[Source records]
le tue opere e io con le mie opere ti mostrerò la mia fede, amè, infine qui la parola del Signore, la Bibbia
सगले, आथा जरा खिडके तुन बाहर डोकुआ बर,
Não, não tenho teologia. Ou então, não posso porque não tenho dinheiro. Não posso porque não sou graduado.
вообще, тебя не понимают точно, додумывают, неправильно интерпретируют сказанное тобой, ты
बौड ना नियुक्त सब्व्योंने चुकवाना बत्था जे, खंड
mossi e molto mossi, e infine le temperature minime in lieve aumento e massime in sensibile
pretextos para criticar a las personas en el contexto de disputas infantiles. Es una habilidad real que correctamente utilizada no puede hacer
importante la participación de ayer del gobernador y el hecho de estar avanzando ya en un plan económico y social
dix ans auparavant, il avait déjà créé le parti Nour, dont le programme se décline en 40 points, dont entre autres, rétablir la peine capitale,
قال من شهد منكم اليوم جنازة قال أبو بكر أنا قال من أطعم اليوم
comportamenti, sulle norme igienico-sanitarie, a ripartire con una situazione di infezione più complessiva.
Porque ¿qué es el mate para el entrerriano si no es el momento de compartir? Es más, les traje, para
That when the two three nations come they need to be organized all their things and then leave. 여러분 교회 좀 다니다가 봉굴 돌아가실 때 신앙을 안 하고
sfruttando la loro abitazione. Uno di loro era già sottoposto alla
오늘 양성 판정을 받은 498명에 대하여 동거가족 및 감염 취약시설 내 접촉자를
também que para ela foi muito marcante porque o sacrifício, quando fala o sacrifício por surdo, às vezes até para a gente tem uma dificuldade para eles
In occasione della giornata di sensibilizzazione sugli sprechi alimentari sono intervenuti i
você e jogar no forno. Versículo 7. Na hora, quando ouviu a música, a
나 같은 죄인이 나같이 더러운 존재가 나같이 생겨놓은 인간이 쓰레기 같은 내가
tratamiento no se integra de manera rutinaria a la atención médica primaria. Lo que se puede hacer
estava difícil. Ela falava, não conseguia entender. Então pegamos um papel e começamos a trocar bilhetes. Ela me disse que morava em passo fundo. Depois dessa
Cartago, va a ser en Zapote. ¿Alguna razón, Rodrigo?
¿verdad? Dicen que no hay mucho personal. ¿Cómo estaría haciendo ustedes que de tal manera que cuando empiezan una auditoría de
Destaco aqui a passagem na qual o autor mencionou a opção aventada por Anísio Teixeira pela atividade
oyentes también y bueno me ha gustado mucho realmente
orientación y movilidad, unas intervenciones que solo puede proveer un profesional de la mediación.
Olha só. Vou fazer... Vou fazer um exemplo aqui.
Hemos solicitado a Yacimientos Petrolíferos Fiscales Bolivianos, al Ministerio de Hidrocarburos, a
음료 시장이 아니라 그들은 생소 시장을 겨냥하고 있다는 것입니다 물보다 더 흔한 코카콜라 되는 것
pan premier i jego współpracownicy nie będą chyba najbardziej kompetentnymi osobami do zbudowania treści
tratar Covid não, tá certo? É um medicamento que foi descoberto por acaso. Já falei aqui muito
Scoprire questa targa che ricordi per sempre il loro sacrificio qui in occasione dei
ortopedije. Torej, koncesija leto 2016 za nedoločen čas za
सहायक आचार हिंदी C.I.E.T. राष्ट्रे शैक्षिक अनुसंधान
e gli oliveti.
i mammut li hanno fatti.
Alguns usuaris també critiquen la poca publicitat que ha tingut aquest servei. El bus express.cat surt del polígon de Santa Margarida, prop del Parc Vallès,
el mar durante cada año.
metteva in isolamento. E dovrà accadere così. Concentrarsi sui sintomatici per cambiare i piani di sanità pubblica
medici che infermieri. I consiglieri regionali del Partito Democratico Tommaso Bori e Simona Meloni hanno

**Your assignment:** Nothing but the lines from the one with "i mammut li hanno fatti." through the last line of the records above should be retyped, and those word for word.

**Result:**
i mammut li hanno fatti.
Alguns usuaris també critiquen la poca publicitat que ha tingut aquest servei. El bus express.cat surt del polígon de Santa Margarida, prop del Parc Vallès,
el mar durante cada año.
metteva in isolamento. E dovrà accadere così. Concentrarsi sui sintomatici per cambiare i piani di sanità pubblica
medici che infermieri. I consiglieri regionali del Partito Democratico Tommaso Bori e Simona Meloni hanno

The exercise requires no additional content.